StrimziとKubernetesの統合

Cruise Controlのデプロイは、Kafkaのカスタムリソース(Custom Resource)を用いて行います。spec.cruiseControlでデフォルトの目標(CPU/メモリ容量)、認証、TLS証明書などを設定し、Kafka Brokerのメトリクスレポートャー(Metrics Reporter)を自動的に構成します。Strimzi Operatorは、Brokerのロールアウト更新を行い、メトリクスレポートャーを起動し、Cruise Controlをデプロイします。

Kubernetesとの統合では、KafkaRebalanceというカスタムリソースを用いて、ユーザーが負荷バランスの目標とパラメータを指定します。以下は、KafkaRebalanceのリソース構造の例です。

apiVersion: kafka.strimzi.io/v1beta2
kind: KafkaRebalance
metadata:
  name: my-rebalance
spec:
  cluster: my-cluster
  goals:
    - type: "BALANCE_CPU"
    - type: "BALANCE_NETWORK"
  mode: "FULL"
  replicationThrottle: "10MB/s"

操作フローは以下の通りです。

  1. KafkaRebalanceリソースを作成し、Operatorが最適化提案を生成します。
  2. strimzi.io/approved: "true"などのアノテーションで提案を承認し、実行を開始します。
  3. 現在のバッチ操作を中斷する(strimzi.io/stop: "true")または提案を再生成する(strimzi.io/refresh: "true")が可能です。

ワークロードバランスの実行詳細

提案評価では、OperatorがKafkaRebalanceリソースの狀態を更新し、移動するパーティション數やリーダー調整などの情報を表示します。

実行制御では、replicationThrottleパラメータでパーティション移動の速度を制限し、クラスターのパフォーマンスへの影響を抑えることができます。また、クラスター狀態の変化(パーティション調整など)が発生した場合、提案を再生成して最新のモデルを取得できます。
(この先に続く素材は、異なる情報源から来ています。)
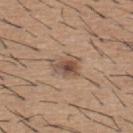No biopsy was performed on this lesion — it was imaged during a full skin examination and was not determined to be concerning.
From the upper back.
Automated image analysis of the tile measured a footprint of about 7 mm², an outline eccentricity of about 0.75 (0 = round, 1 = elongated), and two-axis asymmetry of about 0.3. The analysis additionally found a classifier nevus-likeness of about 85/100 and a detector confidence of about 100 out of 100 that the crop contains a lesion.
Imaged with white-light lighting.
About 3.5 mm across.
Cropped from a whole-body photographic skin survey; the tile spans about 15 mm.
A male subject, aged 58–62.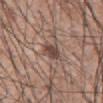Clinical impression: The lesion was tiled from a total-body skin photograph and was not biopsied. Acquisition and patient details: A 15 mm close-up extracted from a 3D total-body photography capture. The lesion-visualizer software estimated an average lesion color of about L≈46 a*≈17 b*≈22 (CIELAB), a lesion–skin lightness drop of about 12, and a normalized lesion–skin contrast near 9. The analysis additionally found border irregularity of about 2.5 on a 0–10 scale and a peripheral color-asymmetry measure near 0.5. It also reported a nevus-likeness score of about 35/100 and lesion-presence confidence of about 100/100. Captured under white-light illumination. Located on the abdomen. A male subject aged around 60.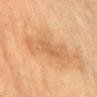Impression:
Captured during whole-body skin photography for melanoma surveillance; the lesion was not biopsied.
Context:
The total-body-photography lesion software estimated a lesion color around L≈54 a*≈19 b*≈36 in CIELAB, a lesion–skin lightness drop of about 7, and a lesion-to-skin contrast of about 5 (normalized; higher = more distinct). The recorded lesion diameter is about 7 mm. The tile uses cross-polarized illumination. Located on the front of the torso. A male patient about 85 years old or older. Cropped from a whole-body photographic skin survey; the tile spans about 15 mm.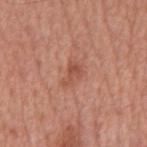The lesion was tiled from a total-body skin photograph and was not biopsied. A 15 mm close-up tile from a total-body photography series done for melanoma screening. A male subject aged 63–67. On the mid back.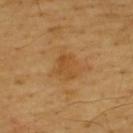Background: The lesion is on the upper back. This image is a 15 mm lesion crop taken from a total-body photograph. The patient is a male aged 63–67.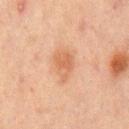The lesion was tiled from a total-body skin photograph and was not biopsied. A male subject, aged approximately 65. On the mid back. A close-up tile cropped from a whole-body skin photograph, about 15 mm across.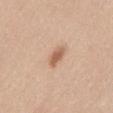Q: Was a biopsy performed?
A: total-body-photography surveillance lesion; no biopsy
Q: What is the imaging modality?
A: ~15 mm crop, total-body skin-cancer survey
Q: Where on the body is the lesion?
A: the mid back
Q: What lighting was used for the tile?
A: white-light illumination
Q: Patient demographics?
A: female, approximately 25 years of age
Q: What did automated image analysis measure?
A: a footprint of about 4 mm² and a shape-asymmetry score of about 0.25 (0 = symmetric); a mean CIELAB color near L≈60 a*≈21 b*≈32, about 12 CIELAB-L* units darker than the surrounding skin, and a lesion-to-skin contrast of about 7.5 (normalized; higher = more distinct); a border-irregularity index near 2.5/10 and a within-lesion color-variation index near 3/10; an automated nevus-likeness rating near 90 out of 100
Q: What is the lesion's diameter?
A: ~3 mm (longest diameter)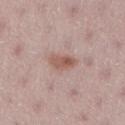lesion diameter: about 3.5 mm | patient: female, aged 23–27 | anatomic site: the right lower leg | image source: total-body-photography crop, ~15 mm field of view.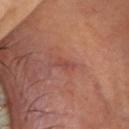follow-up=catalogued during a skin exam; not biopsied
image=~15 mm crop, total-body skin-cancer survey
subject=female, about 60 years old
body site=the head or neck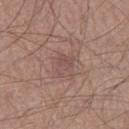• follow-up: no biopsy performed (imaged during a skin exam)
• body site: the left thigh
• image: ~15 mm tile from a whole-body skin photo
• patient: male, aged 23 to 27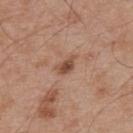Case summary:
– notes · no biopsy performed (imaged during a skin exam)
– image source · total-body-photography crop, ~15 mm field of view
– anatomic site · the upper back
– subject · male, in their mid- to late 50s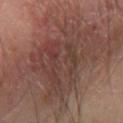Q: Was a biopsy performed?
A: no biopsy performed (imaged during a skin exam)
Q: What is the imaging modality?
A: ~15 mm tile from a whole-body skin photo
Q: How large is the lesion?
A: ~8.5 mm (longest diameter)
Q: Who is the patient?
A: male, roughly 70 years of age
Q: Automated lesion metrics?
A: a lesion area of about 38 mm² and an eccentricity of roughly 0.55; border irregularity of about 7.5 on a 0–10 scale, a color-variation rating of about 6.5/10, and radial color variation of about 2.5
Q: What lighting was used for the tile?
A: cross-polarized illumination
Q: What is the anatomic site?
A: the left forearm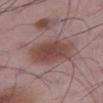Assessment: No biopsy was performed on this lesion — it was imaged during a full skin examination and was not determined to be concerning. Background: Captured under white-light illumination. The lesion is on the right thigh. Automated image analysis of the tile measured a border-irregularity rating of about 2.5/10 and radial color variation of about 1. About 5.5 mm across. A male patient aged around 50. A close-up tile cropped from a whole-body skin photograph, about 15 mm across.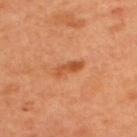Q: Is there a histopathology result?
A: imaged on a skin check; not biopsied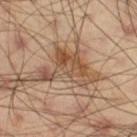Imaged during a routine full-body skin examination; the lesion was not biopsied and no histopathology is available.
Located on the leg.
A male patient aged around 40.
A lesion tile, about 15 mm wide, cut from a 3D total-body photograph.
This is a cross-polarized tile.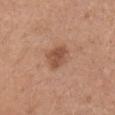Q: Was this lesion biopsied?
A: no biopsy performed (imaged during a skin exam)
Q: What is the imaging modality?
A: ~15 mm crop, total-body skin-cancer survey
Q: What are the patient's age and sex?
A: female, in their mid- to late 50s
Q: Lesion location?
A: the head or neck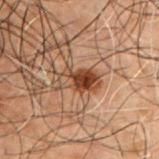Part of a total-body skin-imaging series; this lesion was reviewed on a skin check and was not flagged for biopsy.
Located on the front of the torso.
Imaged with cross-polarized lighting.
This image is a 15 mm lesion crop taken from a total-body photograph.
The subject is a male in their 50s.
Longest diameter approximately 4.5 mm.
Automated image analysis of the tile measured a lesion area of about 8.5 mm², a shape eccentricity near 0.85, and a symmetry-axis asymmetry near 0.2. And it measured a lesion color around L≈34 a*≈18 b*≈26 in CIELAB and about 10 CIELAB-L* units darker than the surrounding skin. The analysis additionally found a classifier nevus-likeness of about 100/100.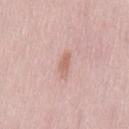The lesion was tiled from a total-body skin photograph and was not biopsied. A female patient, roughly 40 years of age. On the back. A region of skin cropped from a whole-body photographic capture, roughly 15 mm wide. Captured under white-light illumination.

狀態監視では、提案、実行進捗、異常通知などのすべての操作狀態がKafkaRebalanceリソースの狀態フィールドに返されます。

システムアーキテクチャとコンポーネント

Cruise Controlのコンポーネントには、メトリクスレポートャー、ロードモニタ、エグゼキューター、異常検出器が含まれます。メトリクスレポートャーは各Kafka Brokerで指標を収集し、Kafkaトピックに送信します。ロードモニタは指標を分析し、ワークロードモデルを構築します。エグゼキューターはパーティションの移動を実行し、異常検出器はBrokerの障害やトピックの異常を検出し、通知を発信します。
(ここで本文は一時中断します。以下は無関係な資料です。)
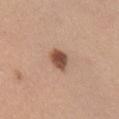{
  "biopsy_status": "not biopsied; imaged during a skin examination",
  "image": {
    "source": "total-body photography crop",
    "field_of_view_mm": 15
  },
  "patient": {
    "sex": "female",
    "age_approx": 30
  },
  "automated_metrics": {
    "area_mm2_approx": 5.0,
    "eccentricity": 0.65,
    "shape_asymmetry": 0.2
  },
  "site": "right upper arm"
}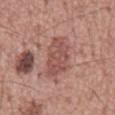* anatomic site: the mid back
* tile lighting: white-light illumination
* patient: male, in their mid- to late 50s
* imaging modality: 15 mm crop, total-body photography
* diameter: ≈5.5 mm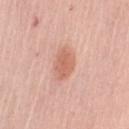Clinical impression:
Imaged during a routine full-body skin examination; the lesion was not biopsied and no histopathology is available.
Acquisition and patient details:
Captured under white-light illumination. A 15 mm close-up extracted from a 3D total-body photography capture. About 4 mm across. An algorithmic analysis of the crop reported an area of roughly 7.5 mm², an eccentricity of roughly 0.7, and a symmetry-axis asymmetry near 0.2. A female patient aged 63 to 67. Located on the right upper arm.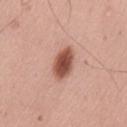Assessment:
This lesion was catalogued during total-body skin photography and was not selected for biopsy.
Context:
The subject is a male aged 38–42. The lesion is located on the lower back. A close-up tile cropped from a whole-body skin photograph, about 15 mm across. Longest diameter approximately 4 mm. Imaged with white-light lighting.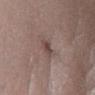Clinical impression:
No biopsy was performed on this lesion — it was imaged during a full skin examination and was not determined to be concerning.
Context:
The recorded lesion diameter is about 2.5 mm. A male subject, aged 43 to 47. From the leg. A 15 mm close-up tile from a total-body photography series done for melanoma screening.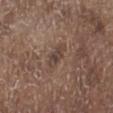size: about 3 mm
lighting: white-light
location: the left lower leg
imaging modality: total-body-photography crop, ~15 mm field of view
patient: male, roughly 70 years of age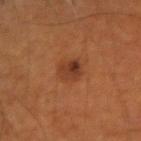The lesion was photographed on a routine skin check and not biopsied; there is no pathology result.
The lesion-visualizer software estimated a shape eccentricity near 0.55 and a shape-asymmetry score of about 0.2 (0 = symmetric). And it measured a border-irregularity index near 1.5/10, internal color variation of about 5.5 on a 0–10 scale, and peripheral color asymmetry of about 2. The analysis additionally found a nevus-likeness score of about 80/100.
A male subject, in their mid- to late 50s.
Cropped from a total-body skin-imaging series; the visible field is about 15 mm.
From the arm.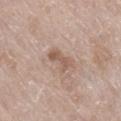No biopsy was performed on this lesion — it was imaged during a full skin examination and was not determined to be concerning.
The lesion is on the right lower leg.
The tile uses white-light illumination.
An algorithmic analysis of the crop reported two-axis asymmetry of about 0.4. The software also gave a lesion color around L≈57 a*≈17 b*≈27 in CIELAB and roughly 9 lightness units darker than nearby skin. And it measured border irregularity of about 4.5 on a 0–10 scale, a within-lesion color-variation index near 2.5/10, and peripheral color asymmetry of about 0.5. The software also gave an automated nevus-likeness rating near 0 out of 100 and a detector confidence of about 100 out of 100 that the crop contains a lesion.
A 15 mm close-up extracted from a 3D total-body photography capture.
A female patient aged 73 to 77.
Measured at roughly 3.5 mm in maximum diameter.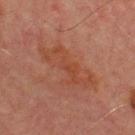Assessment: This lesion was catalogued during total-body skin photography and was not selected for biopsy. Acquisition and patient details: A region of skin cropped from a whole-body photographic capture, roughly 15 mm wide. An algorithmic analysis of the crop reported a footprint of about 14 mm², an eccentricity of roughly 0.9, and a shape-asymmetry score of about 0.55 (0 = symmetric). The software also gave a border-irregularity rating of about 8.5/10, internal color variation of about 3 on a 0–10 scale, and peripheral color asymmetry of about 1. It also reported a lesion-detection confidence of about 100/100. The subject is a male aged around 70. The lesion is on the chest. Captured under cross-polarized illumination. About 7 mm across.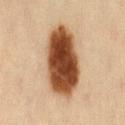| field | value |
|---|---|
| notes | imaged on a skin check; not biopsied |
| patient | female, in their mid- to late 40s |
| diameter | about 8 mm |
| site | the lower back |
| image source | total-body-photography crop, ~15 mm field of view |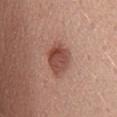Assessment: No biopsy was performed on this lesion — it was imaged during a full skin examination and was not determined to be concerning. Clinical summary: A female patient, aged approximately 35. Captured under white-light illumination. Approximately 4.5 mm at its widest. On the abdomen. The lesion-visualizer software estimated an area of roughly 9 mm² and a symmetry-axis asymmetry near 0.15. And it measured a nevus-likeness score of about 90/100. A 15 mm close-up extracted from a 3D total-body photography capture.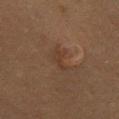Q: Is there a histopathology result?
A: imaged on a skin check; not biopsied
Q: What kind of image is this?
A: ~15 mm tile from a whole-body skin photo
Q: Lesion location?
A: the chest
Q: What are the patient's age and sex?
A: male, about 50 years old
Q: What lighting was used for the tile?
A: cross-polarized illumination
Q: What did automated image analysis measure?
A: a mean CIELAB color near L≈28 a*≈14 b*≈23, a lesion–skin lightness drop of about 5, and a normalized lesion–skin contrast near 5.5; border irregularity of about 6.5 on a 0–10 scale, internal color variation of about 0 on a 0–10 scale, and a peripheral color-asymmetry measure near 0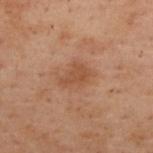follow-up = imaged on a skin check; not biopsied | anatomic site = the upper back | patient = female, aged 53 to 57 | acquisition = total-body-photography crop, ~15 mm field of view.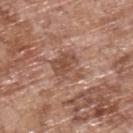follow-up: imaged on a skin check; not biopsied
tile lighting: white-light
site: the back
acquisition: ~15 mm tile from a whole-body skin photo
patient: male, aged approximately 70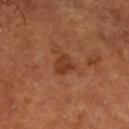Part of a total-body skin-imaging series; this lesion was reviewed on a skin check and was not flagged for biopsy.
A lesion tile, about 15 mm wide, cut from a 3D total-body photograph.
Measured at roughly 2.5 mm in maximum diameter.
A male patient in their mid-60s.
The lesion is located on the right lower leg.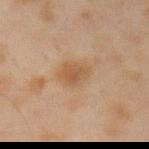site: left forearm
image:
  source: total-body photography crop
  field_of_view_mm: 15
patient:
  sex: male
  age_approx: 45
lesion_size:
  long_diameter_mm_approx: 3.5
automated_metrics:
  area_mm2_approx: 7.0
  eccentricity: 0.65
  shape_asymmetry: 0.2
  cielab_L: 44
  cielab_a: 16
  cielab_b: 29
  vs_skin_darker_L: 6.0
  vs_skin_contrast_norm: 6.0
  border_irregularity_0_10: 2.0
  color_variation_0_10: 2.5
  nevus_likeness_0_100: 70
  lesion_detection_confidence_0_100: 100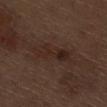Recorded during total-body skin imaging; not selected for excision or biopsy. The lesion's longest dimension is about 6 mm. The subject is a male roughly 70 years of age. Located on the right thigh. A region of skin cropped from a whole-body photographic capture, roughly 15 mm wide.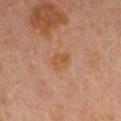Notes:
• workup — no biopsy performed (imaged during a skin exam)
• location — the left upper arm
• subject — female, about 50 years old
• image source — 15 mm crop, total-body photography
• automated lesion analysis — a footprint of about 5 mm² and a shape eccentricity near 0.5; a classifier nevus-likeness of about 25/100
• illumination — cross-polarized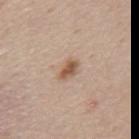No biopsy was performed on this lesion — it was imaged during a full skin examination and was not determined to be concerning.
Approximately 3 mm at its widest.
Captured under white-light illumination.
A male subject approximately 45 years of age.
Cropped from a whole-body photographic skin survey; the tile spans about 15 mm.
Automated tile analysis of the lesion measured a lesion area of about 4 mm², an outline eccentricity of about 0.8 (0 = round, 1 = elongated), and two-axis asymmetry of about 0.3. The analysis additionally found a lesion–skin lightness drop of about 12 and a normalized lesion–skin contrast near 8.5. And it measured an automated nevus-likeness rating near 90 out of 100 and lesion-presence confidence of about 100/100.
Located on the mid back.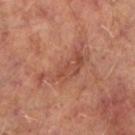Acquisition and patient details:
Longest diameter approximately 7 mm. The tile uses cross-polarized illumination. The lesion is on the leg. This image is a 15 mm lesion crop taken from a total-body photograph. The subject is a male aged 63 to 67. Automated image analysis of the tile measured a lesion color around L≈48 a*≈25 b*≈29 in CIELAB, roughly 8 lightness units darker than nearby skin, and a lesion-to-skin contrast of about 6 (normalized; higher = more distinct). The analysis additionally found a border-irregularity rating of about 8.5/10 and a within-lesion color-variation index near 3/10.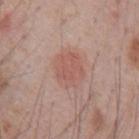biopsy status — no biopsy performed (imaged during a skin exam); subject — male, aged 68–72; site — the chest; image — total-body-photography crop, ~15 mm field of view.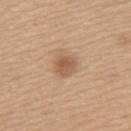<tbp_lesion>
  <patient>
    <sex>female</sex>
    <age_approx>65</age_approx>
  </patient>
  <site>back</site>
  <image>
    <source>total-body photography crop</source>
    <field_of_view_mm>15</field_of_view_mm>
  </image>
  <lighting>white-light</lighting>
</tbp_lesion>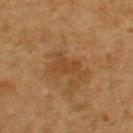Q: Was this lesion biopsied?
A: imaged on a skin check; not biopsied
Q: What is the imaging modality?
A: 15 mm crop, total-body photography
Q: What is the anatomic site?
A: the upper back
Q: Patient demographics?
A: male, in their mid-70s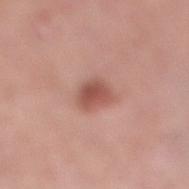Part of a total-body skin-imaging series; this lesion was reviewed on a skin check and was not flagged for biopsy.
Cropped from a total-body skin-imaging series; the visible field is about 15 mm.
Imaged with white-light lighting.
About 3.5 mm across.
On the right lower leg.
A female patient aged approximately 70.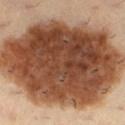Q: Was this lesion biopsied?
A: catalogued during a skin exam; not biopsied
Q: What are the patient's age and sex?
A: female, aged approximately 30
Q: What is the anatomic site?
A: the left lower leg
Q: How was the tile lit?
A: cross-polarized
Q: What did automated image analysis measure?
A: a footprint of about 130 mm² and an eccentricity of roughly 0.7; a lesion color around L≈44 a*≈20 b*≈30 in CIELAB, a lesion–skin lightness drop of about 21, and a normalized lesion–skin contrast near 14.5; a border-irregularity rating of about 2/10 and a color-variation rating of about 8/10
Q: How large is the lesion?
A: ~16 mm (longest diameter)
Q: How was this image acquired?
A: 15 mm crop, total-body photography

Kubernetesのコンポーネントには、Operatorとロールアウト更新が含まれます。OperatorはCruise Controlを自動的にデプロイし、KafkaRebalanceリソースを管理します。ロールアウト更新はKafka Brokerを更新し、メトリクスレポートャーを有効化します。

重要な技術ポイント

目標導向バランスは、CPU、ネットワーク、rack分散などのカスタム負荷目標をサポートし、ハード目標(必須達成)とソフト目標(近似達成)を區別します。

Kubernetesの自動化は、カスタムリソースとOperatorを用いてCruise Controlを管理し、REST APIの直接操作を迴避します。
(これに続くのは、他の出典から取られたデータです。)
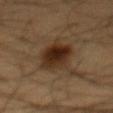Captured during whole-body skin photography for melanoma surveillance; the lesion was not biopsied. The tile uses cross-polarized illumination. A 15 mm crop from a total-body photograph taken for skin-cancer surveillance. An algorithmic analysis of the crop reported a footprint of about 16 mm², a shape eccentricity near 0.9, and a symmetry-axis asymmetry near 0.15. The analysis additionally found a mean CIELAB color near L≈27 a*≈15 b*≈25, about 11 CIELAB-L* units darker than the surrounding skin, and a lesion-to-skin contrast of about 11 (normalized; higher = more distinct). A male subject approximately 60 years of age. The lesion is on the abdomen. The recorded lesion diameter is about 7 mm.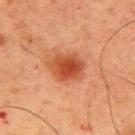Captured during whole-body skin photography for melanoma surveillance; the lesion was not biopsied.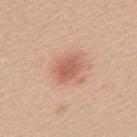workup: no biopsy performed (imaged during a skin exam); body site: the left upper arm; image source: ~15 mm tile from a whole-body skin photo; lighting: white-light; subject: female, about 25 years old; size: ~3 mm (longest diameter).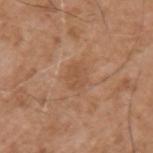Q: Is there a histopathology result?
A: no biopsy performed (imaged during a skin exam)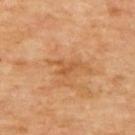Assessment:
No biopsy was performed on this lesion — it was imaged during a full skin examination and was not determined to be concerning.
Acquisition and patient details:
Longest diameter approximately 4 mm. A 15 mm close-up tile from a total-body photography series done for melanoma screening. The patient is in their mid-60s. Imaged with cross-polarized lighting. The lesion is on the upper back.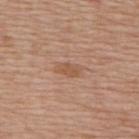| field | value |
|---|---|
| biopsy status | no biopsy performed (imaged during a skin exam) |
| lesion diameter | about 3 mm |
| location | the upper back |
| tile lighting | white-light illumination |
| subject | male, aged approximately 80 |
| image | total-body-photography crop, ~15 mm field of view |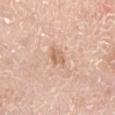Assessment: Part of a total-body skin-imaging series; this lesion was reviewed on a skin check and was not flagged for biopsy. Acquisition and patient details: From the left lower leg. Measured at roughly 2.5 mm in maximum diameter. A male subject, aged around 60. Cropped from a total-body skin-imaging series; the visible field is about 15 mm. Captured under white-light illumination.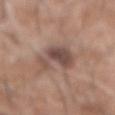biopsy_status: not biopsied; imaged during a skin examination
lesion_size:
  long_diameter_mm_approx: 5.5
lighting: white-light
image:
  source: total-body photography crop
  field_of_view_mm: 15
site: mid back
patient:
  sex: male
  age_approx: 60
automated_metrics:
  area_mm2_approx: 12.0
  shape_asymmetry: 0.4
  nevus_likeness_0_100: 20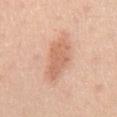Findings:
* follow-up: total-body-photography surveillance lesion; no biopsy
* imaging modality: ~15 mm crop, total-body skin-cancer survey
* patient: male, in their mid-40s
* image-analysis metrics: a mean CIELAB color near L≈65 a*≈23 b*≈32 and a lesion-to-skin contrast of about 6.5 (normalized; higher = more distinct); an automated nevus-likeness rating near 20 out of 100 and a lesion-detection confidence of about 100/100
* site: the chest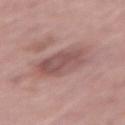The lesion was tiled from a total-body skin photograph and was not biopsied. Automated tile analysis of the lesion measured a lesion area of about 17 mm² and two-axis asymmetry of about 0.15. The analysis additionally found a lesion–skin lightness drop of about 9. The software also gave a border-irregularity index near 1.5/10, internal color variation of about 4 on a 0–10 scale, and a peripheral color-asymmetry measure near 1.5. It also reported a nevus-likeness score of about 0/100 and a lesion-detection confidence of about 100/100. A male patient, aged 68 to 72. Approximately 5.5 mm at its widest. Imaged with white-light lighting. The lesion is on the leg. A close-up tile cropped from a whole-body skin photograph, about 15 mm across.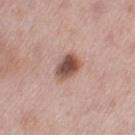Clinical summary: Located on the left thigh. The subject is a female about 50 years old. A 15 mm close-up extracted from a 3D total-body photography capture.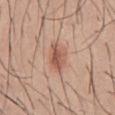Clinical summary: Measured at roughly 3.5 mm in maximum diameter. This is a white-light tile. A male subject, aged 28 to 32. Cropped from a whole-body photographic skin survey; the tile spans about 15 mm. The lesion is on the abdomen.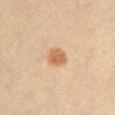anatomic site: the arm; image source: 15 mm crop, total-body photography; lesion diameter: ≈2.5 mm; illumination: cross-polarized; subject: male, roughly 60 years of age.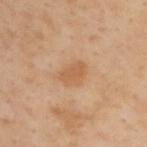Imaged during a routine full-body skin examination; the lesion was not biopsied and no histopathology is available.
Automated tile analysis of the lesion measured a footprint of about 5.5 mm² and a symmetry-axis asymmetry near 0.15. The analysis additionally found an average lesion color of about L≈59 a*≈21 b*≈37 (CIELAB).
A male subject, about 55 years old.
Captured under cross-polarized illumination.
From the upper back.
Cropped from a total-body skin-imaging series; the visible field is about 15 mm.
Approximately 3 mm at its widest.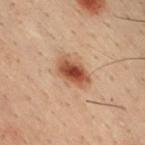biopsy_status: not biopsied; imaged during a skin examination
patient:
  sex: male
  age_approx: 30
automated_metrics:
  area_mm2_approx: 9.0
  eccentricity: 0.75
  shape_asymmetry: 0.2
  cielab_L: 42
  cielab_a: 20
  cielab_b: 27
  vs_skin_darker_L: 12.0
  vs_skin_contrast_norm: 10.0
  border_irregularity_0_10: 2.0
  color_variation_0_10: 6.5
image:
  source: total-body photography crop
  field_of_view_mm: 15
lighting: cross-polarized
lesion_size:
  long_diameter_mm_approx: 4.0
site: chest

セキュリティでは、デフォルトでTLS認証が有効化され、Cruise ControlとKafka間の通信を安全にします。

Cruise Controlの自動修復と今後の機能

Cruise Controlは異常検出機能を備えており、自動的に修正を実行しますが、Kubernetesイベントなどの通知メカニズムを組み合わせて、ユーザーに異常を知らせる必要があります。コミュニティは提案を通じて、異常通知や進捗監視などの機能拡張に貢獻できます。

今後の活動とコミュニティ

StreamCom 2024(6月開催)では、Strimziの核心機能、內部実裝、使用例、CNCFプロジェクトとの統合について議論されます。コミュニティ參加方法として、Slackでの協力依頼、GitHubでのIssue提出や議論、コードの貢獻、ドキュメントの修正、機能提案などが挙げられます。また、ライトニングトークでStrimziの現在の狀況と今後の方向性について紹介されます。

結論

StrimziとCruise Controlの統合により、Kafkaのワークロードバランスを自動化し、運用効率を向上させることができます。カスタムリソースとOperatorを活用することで、Kubernetes環境での負荷バランス管理が簡素化され、セキュリティとスケーラビリティが確保されます。実裝時には、目標設定、異常検出、自動修復の設定を慎重に行い、クラスターの安定性を維持することが重要です。